The continuous process according to the invention is suitable for large-scale systems with automatic control. The molten metal collects in one place and is continuously discharged. The power consumption is much cheaper than with the best systems that work according to the Hall process.

and can be compared with the power consumption to be ultimately expected from the new chlorine process. at 3-phase alternating current can be used with the method according to the invention, so that no rectification is required is required. A power supply that can be switched off is permissible because, with the exception of aluminum, there is no molten material Material has to be handled in large quantities. The purity of the metal is unusual high, since no impurities are introduced with the reducing agent and the liquid metal passes through Condensation is obtained. The consumption of electrodes is minimal. The system is completely closed and there is no harmful emission. The production output of 2 or 3 furnace units corresponds that of the largest systems based on the Hall process; the space requirements and capital requirements of a system for However, implementation of the method according to the invention are significantly less. The application of an interruptible Power supply, a smaller system and the avoidance of air pollution greater freedom with regard to the choice of location for the systems. This can further reduce costs for the Avoid transporting the clay and aluminum.

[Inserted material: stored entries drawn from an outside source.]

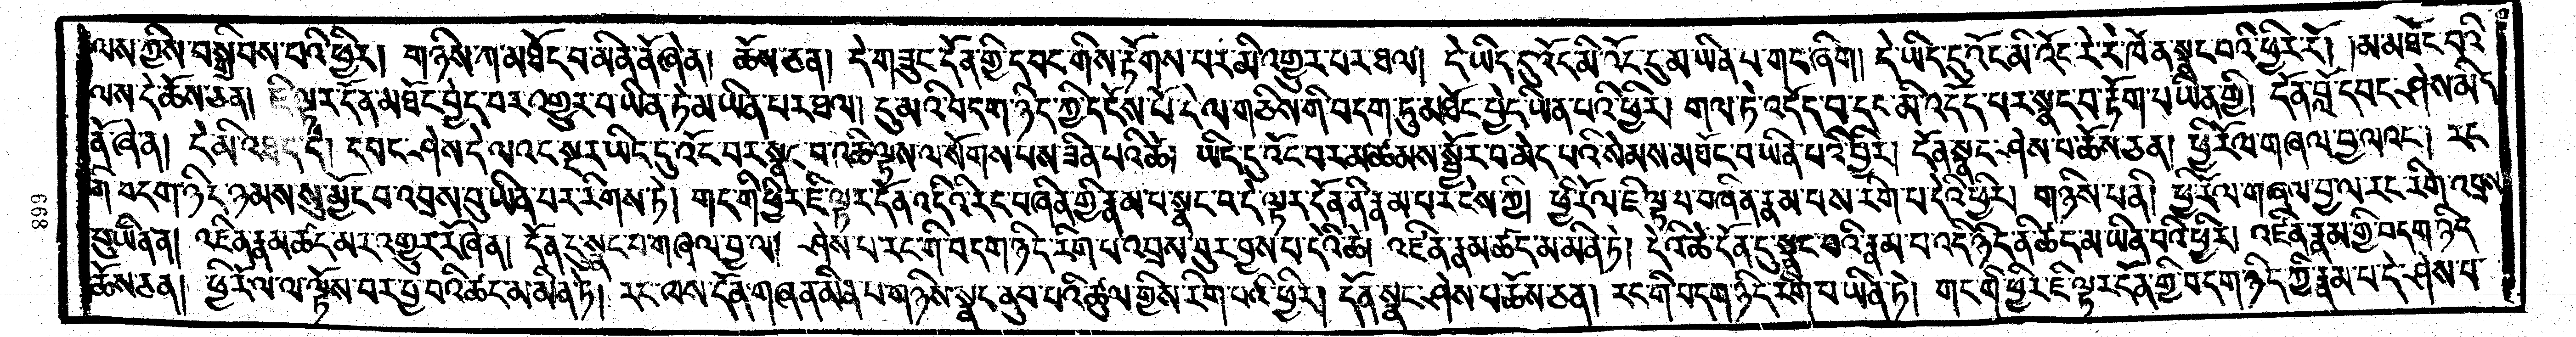ལས་ཀྱིས་བསྒྲིབས་པའི་ཕྱིར། གཉིས་ཀ་མཐོང་བ་མིན་ནོ་ཞེ་ན། ཆོས་ཅན། དེ་གཟུང་དོན་གྱི་དབང་གིས་རྟོགས་པར་མི་འགྱུར་བར་ཐལ། དེ་ཡིད་དུ་འོང་མི་འོང་དུ་མ་ཡིན་པ་གང་ཞིག། དེ་ཡིད་དུ་འོང་མི་འོང་རེ་རེ་ཁོ་ན་སྣང་བའི་ཕྱིར་རོ། །མ་མཐོང་བའི་
ལས་དེ་ཆོས་ཅན། ཇི་ལྟར་དོན་མཐོང་བྱེད་པར་འགྱུར་བ་ཡིན་ཏེ་མ་ཡིན་པར་ཐལ། དུ་མའི་བདག་ཉིད་ཀྱི་དངོས་པོ་དེ་ལ་གཅིག་གི་བདག་ཏུ་མཐོང་བྱེད་ཡིན་པའི་ཕྱིར། གལ་ཏེ་འདོད་པ་དང་མི་འདོད་པར་སྣང་བ་རྟོག་པ་ཡིན་གྱི། དོན་བློ་དབང་ཤེས་མིད་
ནོ་ཞེ་ན། དེ་མི་འཐད་དེ། དབང་ཤེས་ལའང་སྔར་ཡིད་དུ་འོང་བར་སྣང་བ་འཆི་ལྟས་ལ་སོགས་པས་ཟིན་པའི་ཚེ། ཡིད་དུ་འོང་བར་མཚམས་སྦྱོར་བ་མེད་པའི་སེམས་མཐོང་བ་ཡིན་པའི་ཕྱིར། དོན་སྣང་ཤེས་པ་ཆོས་ཅན། ཕྱི་རོལ་གཞལ་བྱ་ལའང་། རང་
གི་བདག་ཉིད་ཉམས་སུ་མྱོང་བ་འབྲས་བུ་ཡིན་པར་རིགས་ཏེ། གང་གི་ཕྱིར་ཇི་ལྟར་དོན་འདིའི་རང་བཞིན་གྱི་རྣམ་པ་སྣང་བདེ་ལྟར་དོན་ནི་རྣམ་པར་ངེས་ཀྱི། ཕྱི་རོལ་ཇི་ལྟ་པ་བཞིན་རྣམ་པས་རིག་པ་དེའི་ཕྱིར། གཉིས་པ་ནི། ཕྱི་རོལ་གཞལ་བྱལ་རང་རིག་འབྲས་
བུ་ཡིན་ན། འཛིན་རྣམ་ཚང་མར་འགྱུར་རོ་ཞེ་ན། དོན་དུ་སྣང་བ་གཞལ་བྱ་ལ། ཤེས་པ་རང་གི་བདག་ཉིད་རིག་པ་འབྲས་བུར་བྱས་པ་དེའི་ཚེ། འཛིན་རྣམ་ཚད་མ་མིན་ཏེ། དེའི་ཚེ་དོན་དུ་སྣང་བའི་རྣམ་པ་འདི་ཉིད་ནི་ཚད་མ་ཡིན་པའི་ཕྱིར། འཛིན་རྣམ་གྱི་བདག་ཉིད་
ཆོས་ཅན། ཕྱི་རོལ་ལ་ལྟོས་པར་བྱ་བའི་ཚང་མ་མིན་ཏེ། རང་ལས་དོན་གཞན་མིན་པ་གཉིས་སྣང་ནུབ་པའི་ཚུལ་གྱིས་རིག་པའི་ཕྱིར། དོན་སྣང་ཤེས་པ་ཆོས་ཅན། རང་གི་བདག་ཉིད་རིག་པ་ཡིན་ཏེ། གང་གི་ཕྱིར་ཇི་ལྟར་དོན་གྱི་བདག་ཉིད་ཀྱི་རྣམ་པ་དེ་ཤེས་པ་

For this purpose 2 sheets of drawings

Claims (5)

29 OO 649 claims: 1. Process for the thermal reduction of metal oxides, in particular aluminum oxide, with the aid of a reducing agent in a gaseous medium at a temperature above the reduction temperature and condensation of the metal from the reaction gases, in which the metal oxide as a fine powder in the reaction zone of a reaction furnace for vortex motion introduced and an expanded discharge maintained in the reaction zone is, characterized in that the metal oxide with a tangential Component is introduced into the reaction zone to maintain a circular motion, an expanded electrical discharge is maintained in the reaction zone at a minimal turbulence of the gaseous medium, the oxide powder by centrifugal force in the reaction zone is held until the reduction is complete and then the one leaving the reaction zone gaseous reaction product is quenched to condense the metal vapors. 2. The method according to claim 1, characterized in that in the reduction of aluminum oxide a temperature of at least 2000 ° C is maintained in the reaction zone. 3. The method according to claim 1 or 2, characterized in that the structure of the expanded electrical discharge carried out in the reaction zone in the presence of aluminum vapor will. 4. Procedure according to claims! to 3. characterized by that the metal oxide, the reducing agent and a gaseous medium by im Spaced and aligned streams is introduced into the reaction zone. 5. The method according to claim 1 to 4, characterized in that a minimum in the reaction zone Turbulence is maintained, the characteristic time of which is a maximum of 10-> s is.